Copyright © 2006 by the American Association for the Advancement of Science

Dodeca-CLE Peptides as Suppressors of Plant Stem Cell Differentiation

Yasuko Ito,1* Ikuko Nakanomyo,1* Hiroyasu Motose,1{dagger} Kuninori Iwamoto,1 Shinichiro Sawa,1 Naoshi Dohmae,2 Hiroo Fukuda1{ddagger}

Abstract: In plants and animals, small peptide ligands that signal in cell-cell communication have been suggested to be a crucial component of development. A bioassay of single-cell transdifferentation demonstrates that a dodecapeptide with two hydroxyproline residues is the functional product of genes from the CLE family, which includes CLAVATA3 in Arabidopsis. The dodecapeptide suppresses xylem cell development at a concentration of 10–11 M and promotes cell division. An application, corresponding to all 26 Arabidopsis CLE protein family members, of synthetic dodecapeptides reveals two counteracting signaling pathways involved in stem cell fate.

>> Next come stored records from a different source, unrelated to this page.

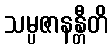
သမ္ပဇာနန္တီတိ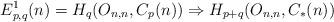
LaTeX: \begin{align*}E^{1}_{p,q}(n) &= H_{q}(O_{n,n}, C_{p}(n)) \Rightarrow H_{p+q}(O_{n,n}, C_{*}(n))\end{align*}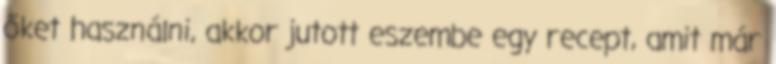
őket használni, akkor jutott eszembe egy recept, amit már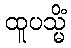
ထူပသ္မိံ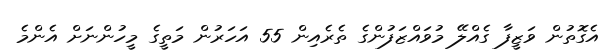
އެގޮތުން ވަޒީފާ ގެއްލޭ މުވައްޒަފުންގެ ތެރެއިން 55 އަހަރުން މަތީގެ މީހުންނަށް އެންމެ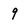
Character: 9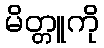
မိတ္တူကို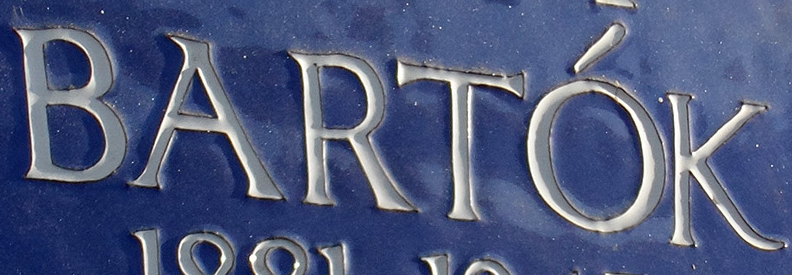
BARTOK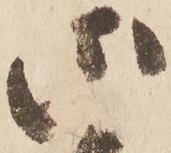
御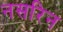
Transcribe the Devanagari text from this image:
नसरिन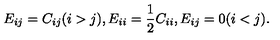
E _ { i j } = C _ { i j } ( i > j ) , E _ { i i } = { \frac { 1 } { 2 } } C _ { i i } , E _ { i j } = 0 ( i < j ) .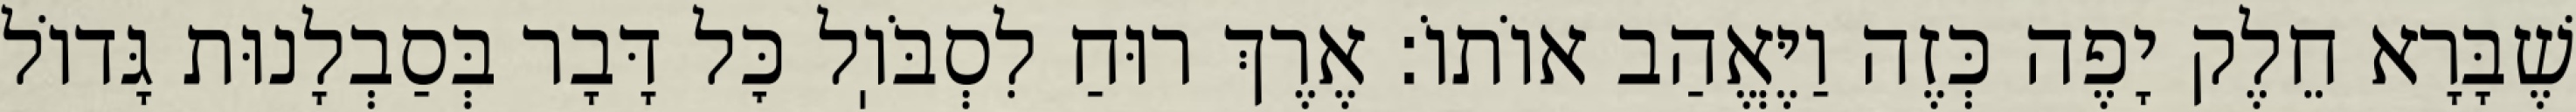
שֶׁבָּרָא חֵלֶק יָפֶה כְּזֶה וַיֶּאֱהַב אוֹתוֹ: אֶרֶךְ רוּחַ לִסְבֹּוֽל כׇּל דָּבָר בְּסַבְלָנוּת גָּדוֹל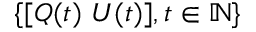
\{ [ Q ( t ) ~ U ( t ) ] , t \in \mathbb { N } \}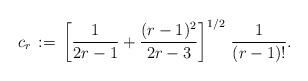
LaTeX: \begin{align*}c_r\,:=\, \left[\frac1{2r-1}+\frac{(r-1)^2}{2r-3}\right]^{1/2}\,\frac1{(r-1)!}.\end{align*}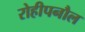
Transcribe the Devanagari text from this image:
रोहीपनौल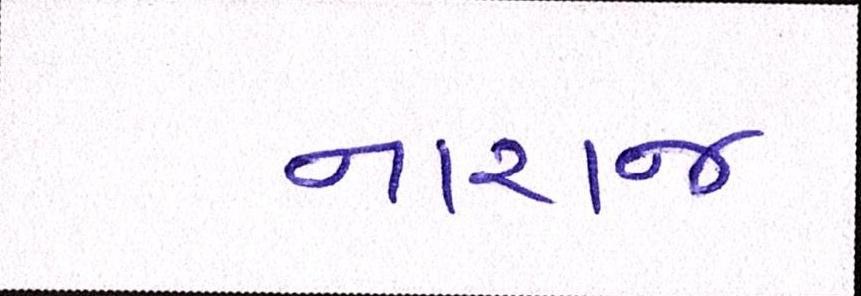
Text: નારાજ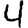
Digit: 4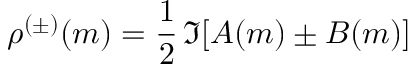
\rho ^ { ( \pm ) } ( m ) = { \frac { 1 } { 2 } } \, \Im [ A ( m ) \pm B ( m ) ]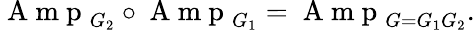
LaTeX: \mathrm{~A~m~p~}_{G_{2}}\circ\mathrm{~A~m~p~}_{G_{1}}=\mathrm{~A~m~p~}_{G=G_{1}G_{2}}.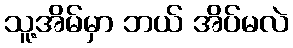
သူ့အိမ်မှာ ဘယ် အိပ်မလဲ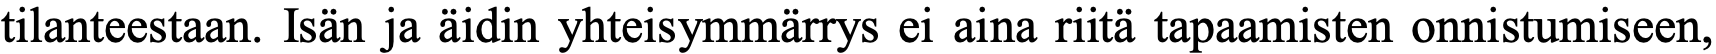
tilanteestaan. Isän ja äidin yhteisymmärrys ei aina riitä tapaamisten onnistumiseen,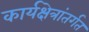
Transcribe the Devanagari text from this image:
कार्यक्षेत्रांतर्गत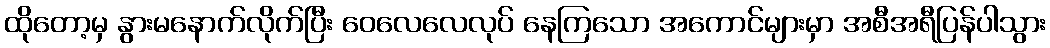
ထိုတော့မှ နွားမနောက်လိုက်ပြီး ဝေလေလေလုပ် နေကြသော အကောင်များမှာ အစီအရီပြန်ပါသွား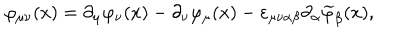
\varphi _ { \mu \nu } ( x ) = \partial _ { \mu } \varphi _ { \nu } ( x ) - \partial _ { \nu } \varphi _ { \mu } ( x ) - \varepsilon _ { \mu \nu \alpha \beta } \partial _ { \alpha } \widetilde { \varphi } _ { \beta } ( x ) ,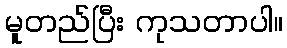
မူတည်ပြီး ကုသတာပါ။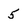
Character: 5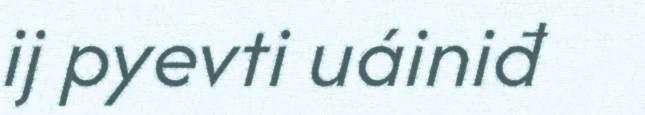
ij pyevti uáiniđ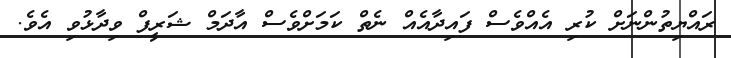
ރައްޔިތުންނަށް ކުރި އެއްވެސް ފައިދާއެއް ނެތް ކަމަށްވެސް އާދަމް ޝަރީފް ވިދާޅުވި އެވެ.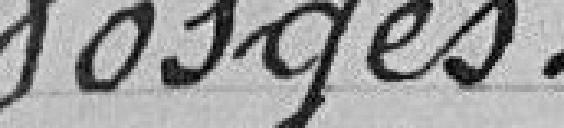
Vosges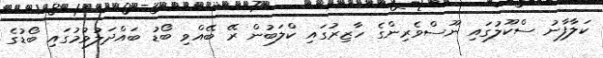
ކަލާފާނު ސްކޫލުގައި ނޫސްވެރިންގެ ހާޒިރުގައި ކްލަބުން ރޭ ބޭއްވި ބޯޑު ބައްދަލުވުމުގައި ބޯޑުގެ
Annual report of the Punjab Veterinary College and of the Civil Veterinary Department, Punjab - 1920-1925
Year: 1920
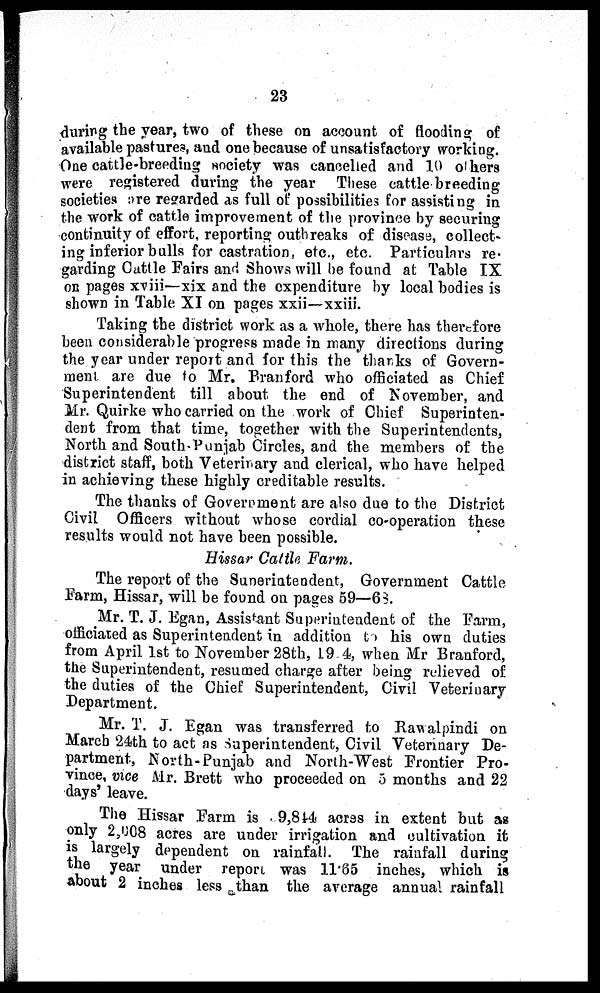
23
during the year, two of these on account of flooding of
available pastures, and one because of unsatisfactory working.
One cattle-breeding society was cancelled and 10 others
were registered during the year These cattle breeding
societies are regarded as full of possibilities for assisting in
the work of cattle improvement of the province by securing
continuity of effort, reporting outhreaks of disease, collect-
ing inferior bulls for castration, etc., etc. Particulars re-
garding Cattle Fairs and Shows will be found at Table IX
on pages xviii—xix and the expenditure by local bodies is
shown in Table XI on pages xxii—xxiii.
Taking the district work as a whole, there has therefore
been considerable progress made in many directions during
the year under report and for this the thanks of Govern-
ment are due to Mr. Branford who officiated as Chief
Superintendent till about the end of November, and
Mr. Quirke who carried on the work of Chief Superinten-
dent from that time, together with the Superintendents,
North and South-Punjab Circles, and the members of the
district staff, both Veterinary and clerical, who have helped
in achieving these highly creditable results.
The thanks of Government are also due to the District
Civil Officers without whose cordial co-operation these
results would not have been possible.
Hissar Cattle Farm.
The report of the Superintendent, Government Cattle
Farm, Hissar, will be found on pages 59—63.
Mr. T. J. Egan, Assistant Superintendent of the Farm,
officiated as Superintendent in addition to his own duties
from April 1st to November 28th, 19.4, when Mr Branford,
the Superintendent, resumed charge after being relieved of
the duties of the Chief Superintendent, Civil Veterinary
Department.
Mr. T. J. Egan was transferred to Rawalpindi on
March 24th to act as Superintendent, Civil Veterinary De-
partment, North-Punjab and North-West Frontier Pro-
vince, vice Mr. Brett who proceeded on 5 months and 22
days' leave.
The Hissar Farm is 9,844 acres in extent but as
only 2,008 acres are under irrigation and cultivation it
is largely dependent on rainfall. The rainfall during
the year under report was 11.65 inches, which is
about 2 inches less than the average annual rainfall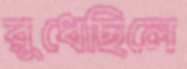
রুধেছিলে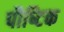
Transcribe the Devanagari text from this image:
पौष्‍िटक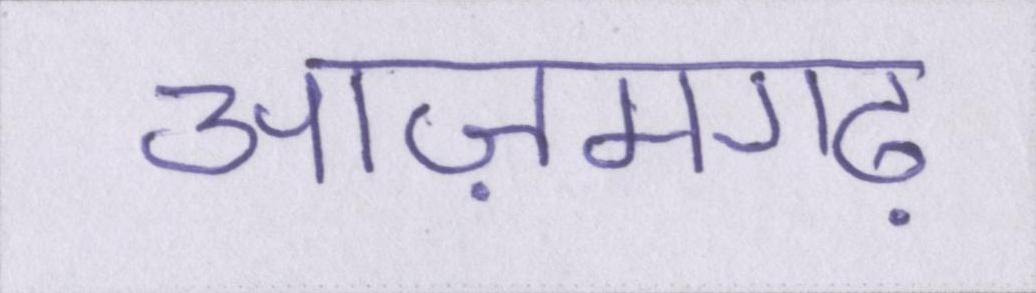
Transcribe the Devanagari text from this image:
आज़मगढ़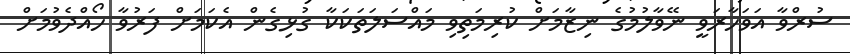
ސުރްވާ އަވަހާރަވީ ނޭވާލުމުގެ ނިޒާމަށް ކުރިމަތިވި މައްސަލަތަކަކާ ގުޅިގެން އެކަމަށް ފަރުވާ ހޯއްދެވުމަށް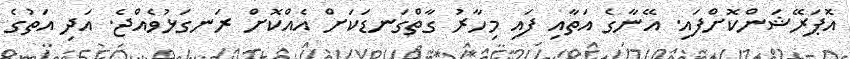
އޮޕަރޭޝަންކޮށްފައި. އޭނާގެ އަތާއި ފައި މިހާރު ގާތްގަނޑަކަށް އެއްކޮށް ރަނގަޅުވެއްޖެ. އަދި އަތުގެ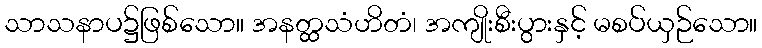
သာသနာပ၌ဖြစ်သော။ အနတ္ထသံဟိတံ၊ အကျိုးစီးပွားနှင့် မစပ်ယှဉ်သော။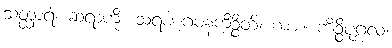
သတ္ထာရံ၊ ဆရာကို။ သရဏဂမနကိဉ္စိတိ၊ ကား။ ကိဉ္စိပုဂ္ဂလံ၊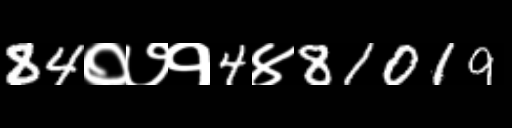
Text: 84०७१4४81019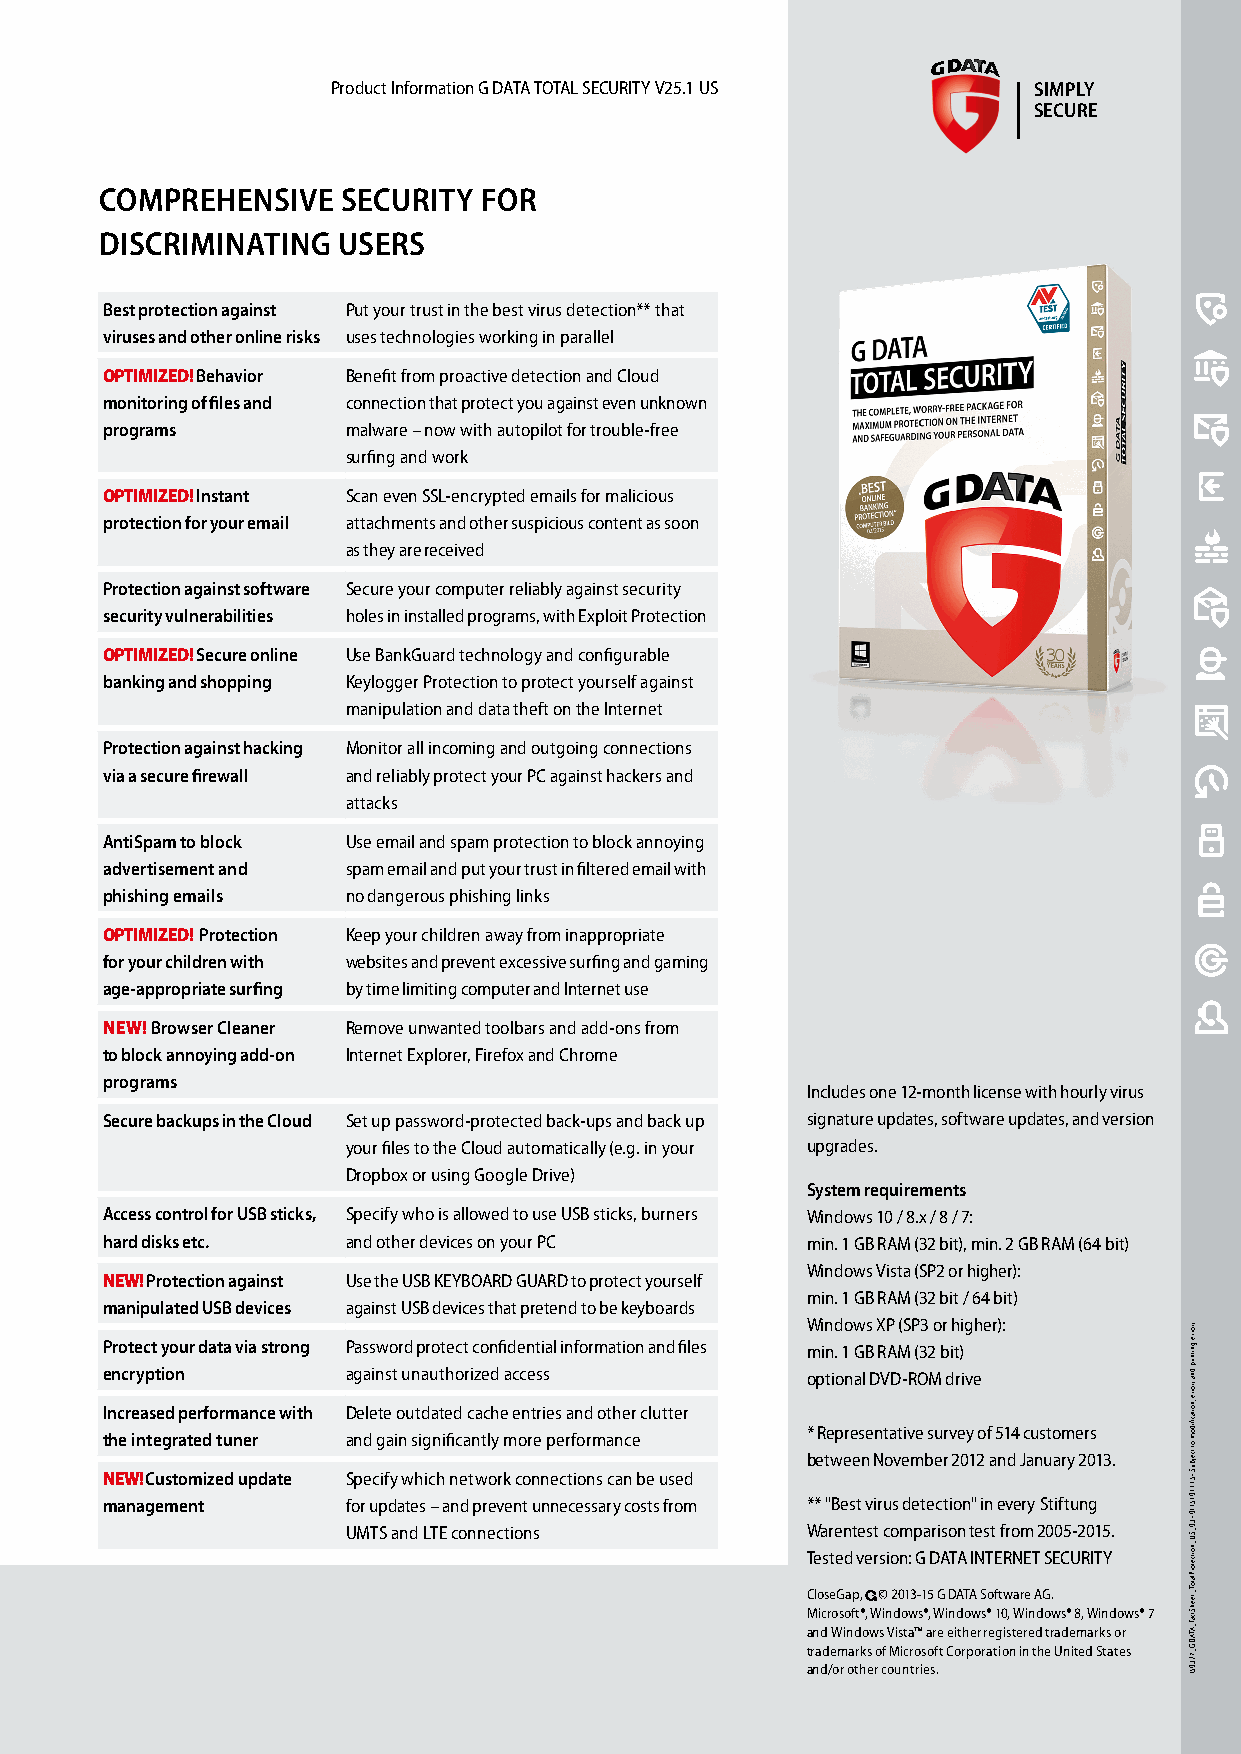
Product Information G DATA TOTAL SECURITY V25.1 US SIMPLY
 SECURE
 COMPREHENSIVE   SECURITY FOR
 DISCRIMINATING USERS
 Best protection against Put your trust in the best virus detection** that
 viruses and other online risks uses technologies working in parallel
 OPTIMIZED! Behavior Benefit from proactive detection and Cloud
 monitoring of files and connection that protect you against even unknown
 programs        malware – now with autopilot for trouble-free
 surfing and work
 OPTIMIZED! Instant Scan even SSL-encrypted emails for malicious
 protection for your email attachments and other suspicious content as soon
 as they are received
 Protection against software Secure your computer reliably against security
 security vulnerabilities holes in installed programs, with Exploit Protection
 OPTIMIZED! Secure online Use BankGuard technology and configurable
 banking and shopping Keylogger Protection to protect yourself against
 manipulation and data theft on the Internet
 Protection against hacking Monitor all incoming and outgoing connections
 via a secure firewall and reliably protect your PC against hackers and
 attacks
 AntiSpam to block Use email and spam protection to block annoying
 advertisement and spam email and put your trust in filtered email with
 phishing emails no dangerous phishing links
 OPTIMIZED! Protection Keep your children away from inappropriate
 for your children with websites and prevent excessive surfing and gaming
 age-appropriate surfing by time limiting computer and Internet use
 NEW! Browser Cleaner Remove unwanted toolbars and add-ons from
 to block annoying add-on Internet Explorer, Firefox and Chrome
 programs
 Includes one 12-month license with hourly virus
 Secure backups in the Cloud Set up password-protected back-ups and back up signature updates, software updates, and version
 your files to the Cloud automatically (e.g. in your upgrades.
 Dropbox or using Google Drive)
 System requirements
 Access control for USB sticks, Specify who is allowed to use USB sticks, burners Windows 10 / 8.x / 8 / 7:
 hard disks etc. and other devices on your PC  min. 1 GB RAM (32 bit), min. 2 GB RAM (64 bit)
 Windows Vista (SP2 or higher):
 NEW! Protection against Use the USB KEYBOARD GUARD to protect yourself
 min. 1 GB RAM (32 bit / 64 bit)
 manipulated USB devices against USB devices that pretend to be keyboards
 Windows XP (SP3 or higher):
 Protect your data via strong Password protect confidential information and files min. 1 GB RAM (32 bit)
 encryption      against unauthorized access   optional DVD-ROM drive
 Increased performance with Delete outdated cache entries and other clutter
 * Representative survey of 514 customers
 the integrated tuner and gain significantly more performance
 between November 2012 and January 2013.
 NEW! Customized update Specify which network connections can be used
 management      for updates – and prevent unnecessary costs from ** "Best virus detection" in every Stiftung
 UMTS and LTE connections      Warentest comparison test from 2005-2015.
 Tested version: G DATA INTERNET SECURITY
 CloseGap, © 2013-15 G DATA Software AG.
 Microsoft®, Windows®, Windows® 10, Windows® 8, Windows® 7
 and Windows Vista™ are either registered trademarks or
 trademarks of Microsoft Corporation in the United States
 and/or other countries.
 ..srorre
 gnitnirp
 dna
 srorre
 ,noitacfiidom
 ot
 tcejbuS
 • 5111015110
 • 30_SU_noitcetorPlatoT_teehStcaF_ATADG_723051

1 Department of Biological Sciences, Graduate School of Science, The University of Tokyo, 7-3-1 Hongo, Bunkyo-ku, Tokyo 113-0033, Japan.
2 Biomolecular Characterization Team, RIKEN, 2-1 Hirosawa, Wako-shi, Saitama 351-0198, Japan.

* These authors contributed equally to this work.

{dagger} Present address: Department of Life Sciences, Graduate School of Arts and Sciences, The University of Tokyo, Komaba 3-8-1, Meguro-ku, Tokyo 153-8902, Japan.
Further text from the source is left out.